Die von Papst Franziskus unternommenen Reisen sind essentiell, und für dieses Merkmal ist ihr Hauptvorbild Paul VI., der Vorgänger, der vor einem halben Jahrhundert das Reisen zu einem innovativen Aspekt des zeitgenössischen Papsttums gemacht hat. Das »Essentielle« war schon seit dem Besuch in Lampedusa erkennbar und bei der jüngsten Reise nach Straßburg zu spüren. Es hat auch die Reise in die Türkei geprägt, einer besonderen und für Bergoglio charakteristischen Chiffre gemäß: der Logik der persönlichen Begegnung.

Der Papst hat in seinen Worten am Ende der im Phanar gefeierten Göttlichen Liturgie zum Fest des heiligen Andreas über diese Logik der persönlichen Begegnung gesprochen, aber man muss den ganzen Weg, der Franziskus von Ankara nach Istanbul geführt hat, im Zeichen der Begegnung sehen. Eine Reise, die sich zum einen an die Muslime richtete und zum anderen an die Schwesterkirchen der Orthodoxie. Die beiden Seiten dieser Begegnung werden von einer geheimnisvollen Realität zusammengehalten: vom Heiligen Geist.

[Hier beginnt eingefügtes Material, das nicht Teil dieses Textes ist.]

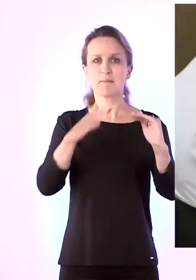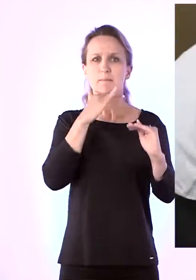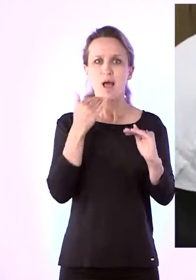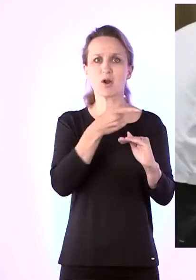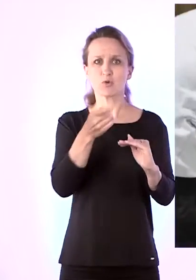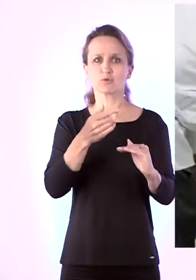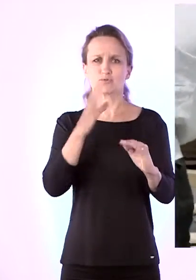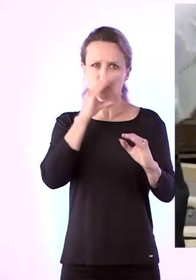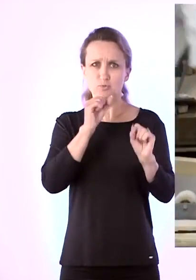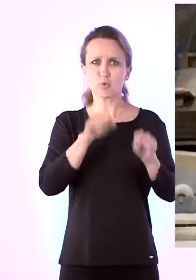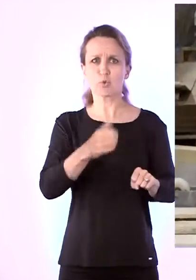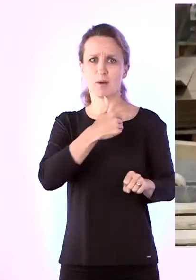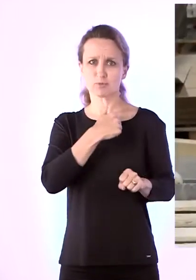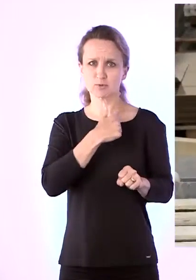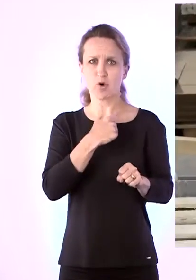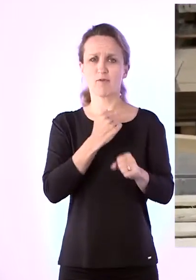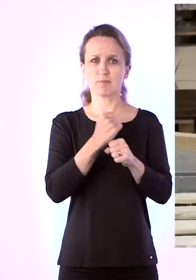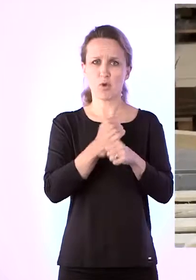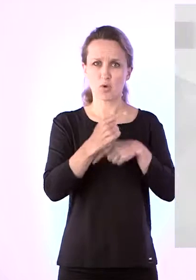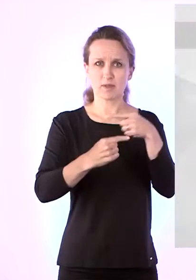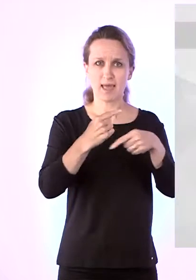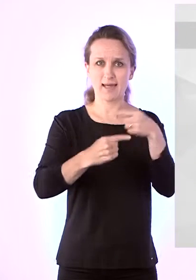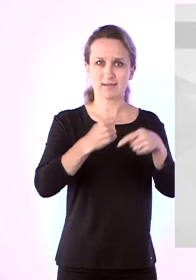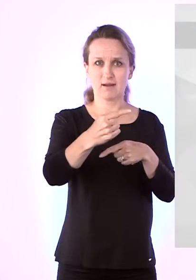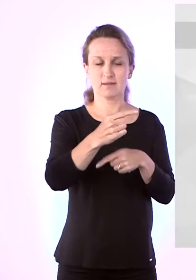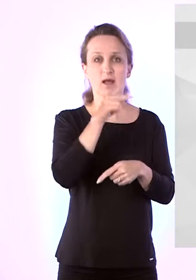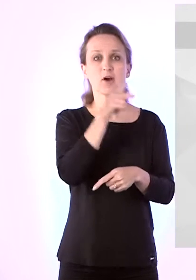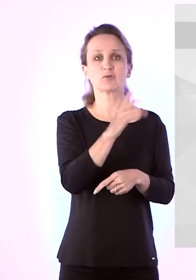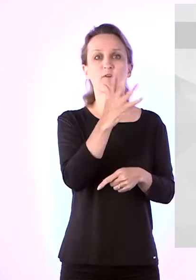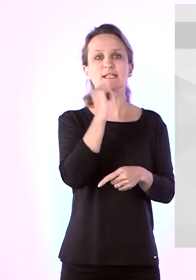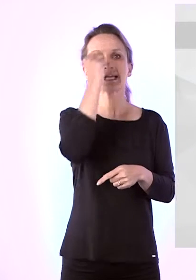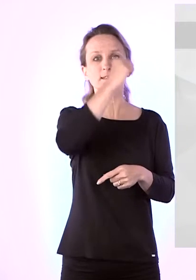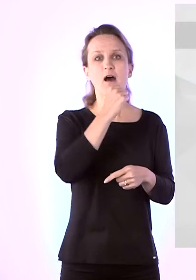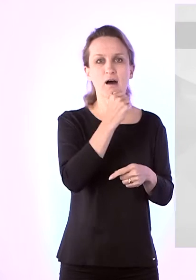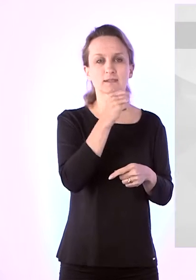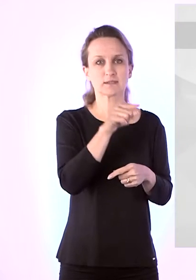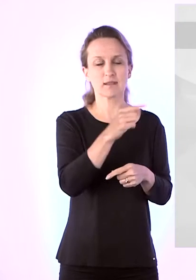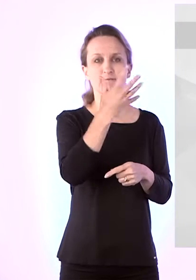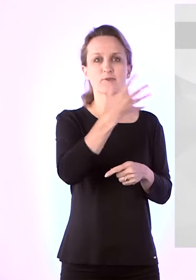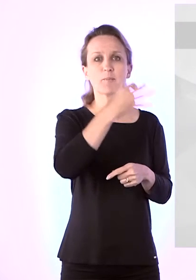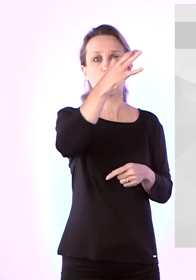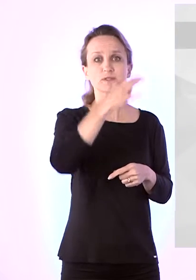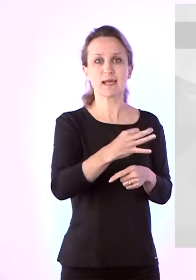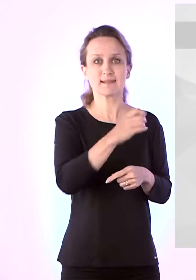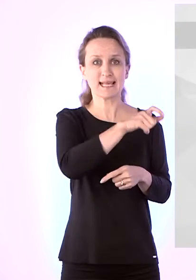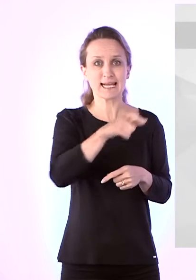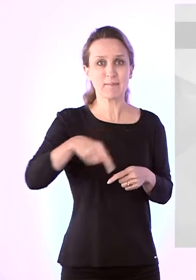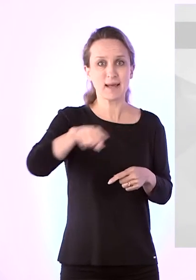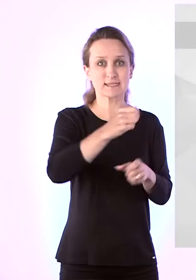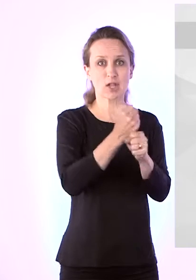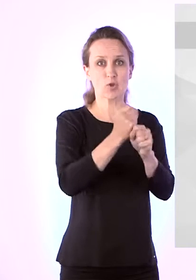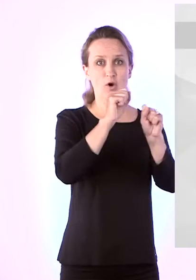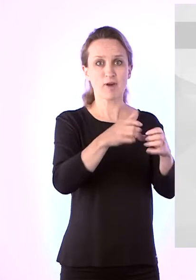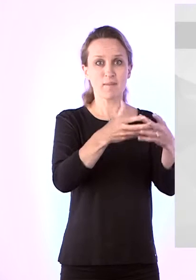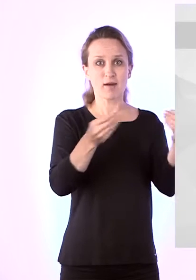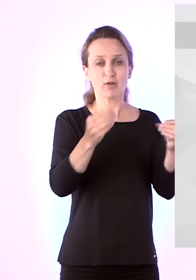soovivad töötamist jätkata. 2015. aastal töötas liigi pool töövõime kaoga inimestest, ehk

Denn der Geist ist es, der die Kirche beseelt. Daran erinnerte Franziskus in der Eucharistiefeier für die katholischen Gläubigen der verschiedenen Riten, die in der Kathedrale von Istanbul versammelt waren. Und wo der Papst vor seiner Weiterfahrt Vertreter der Flüchtlinge vor allem aus Syrien und dem Irak getroffen hat, die in die Türkei geflüchtet sind, um sich vor der Grausamkeit der Terroristen in Sicherheit zu bringen. Denn ein Besuch in einem Flüchtlingslager hatte sich als unmöglich erwiesen. »Nur der Heilige Geist kann die Verschiedenheit, die Vielfalt hervorrufen und zugleich die Einheit bewirken«, unterstrich der Papst und fügte hinzu, dass der Heilige Geist selbst Harmonie ist.

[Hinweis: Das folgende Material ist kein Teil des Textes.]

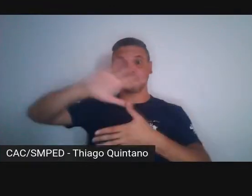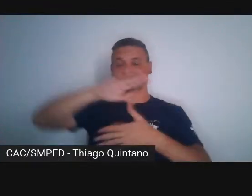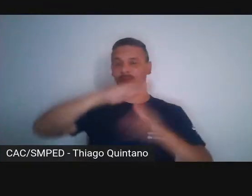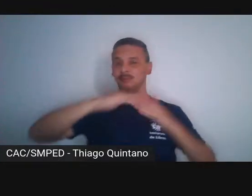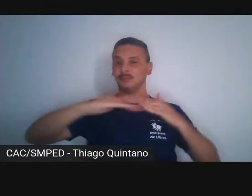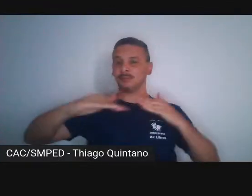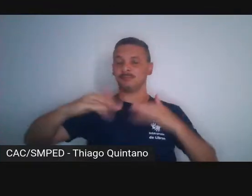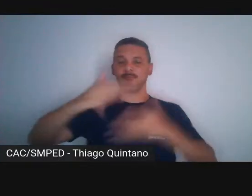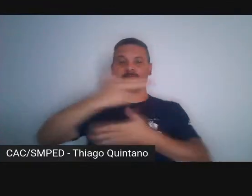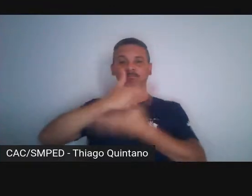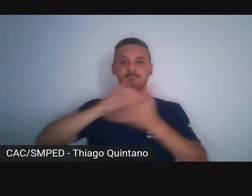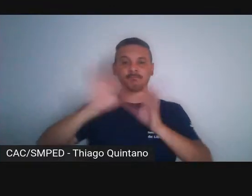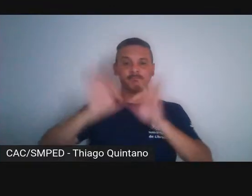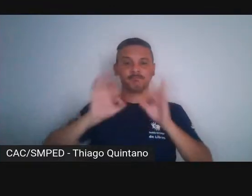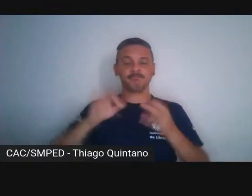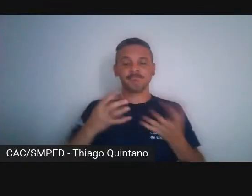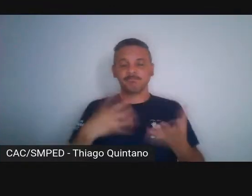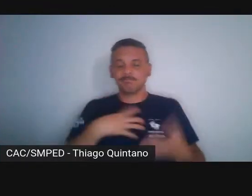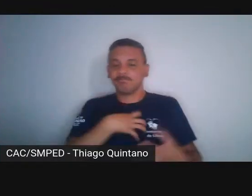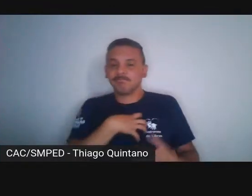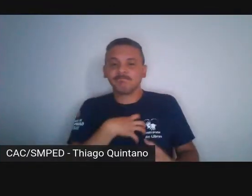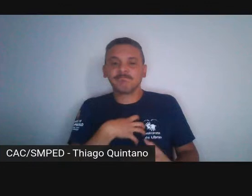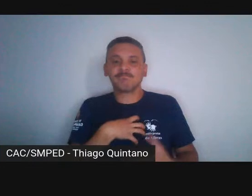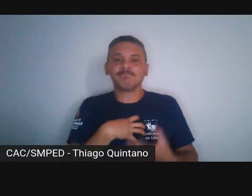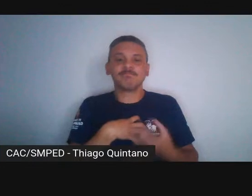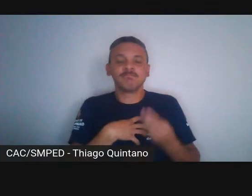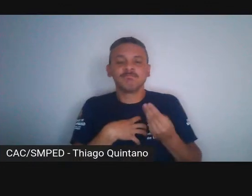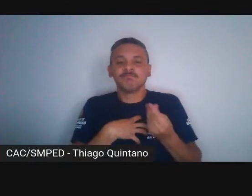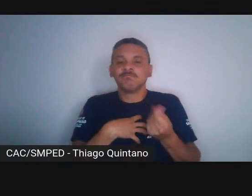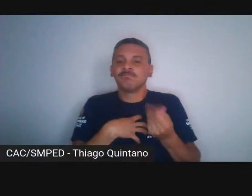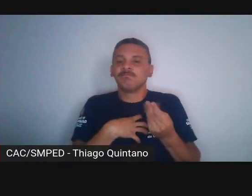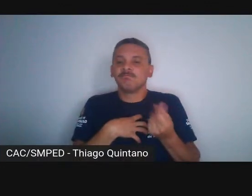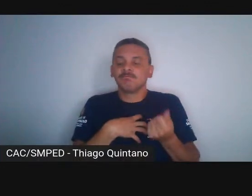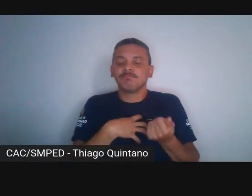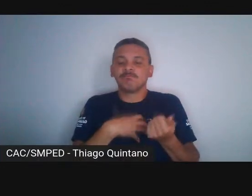quase melancólica ou dramáticamente.

Als Seele der Kirche – und damit der Mission, auf die sie nur antworten kann, indem sie aus sich selbst herausgeht – erfasst der Heilige Geist diese mit einem Wehen, das »nicht eine Macht überträgt, sondern zu einem Dienst der Liebe befähigt – eine Sprache, die jeder zu verstehen vermag«. Hier, im Hauch des Heiligen Geistes, liegt auch die Wurzel ihres Weges, seit den Jahren des Konzils entschieden betont und darauf ausgerichtet, jedem Menschen in Freundschaft zu begegnen, ohne nach Glauben oder Ideologie zu unterscheiden.

Die Logik der persönlichen Begegnung hat sich erneut gezeigt in diesen Tagen in der Türkei, Ziel von vier Papstreisen in weniger als fünfzig Jahren und wo die ausgestreckte Hand von Franziskus sich vertrauensvoll geöffnet hat, um die Hände maßgeblicher muslimischer Führer zu ergreifen, wie der Papst in der Pressekonferenz auf dem Rückflug gesagt hat. Im Dialog zwischen Christen und Muslimen müsse ein »Qualitätssprung« stattfinden, betonte der Papst unter anderem, und es sei dringend notwendig, dass alle muslimischen Führungspersönlichkeiten Gewalt und Intoleranz verurteilen, die mit einem echten Glauben an Gott unvereinbar sind.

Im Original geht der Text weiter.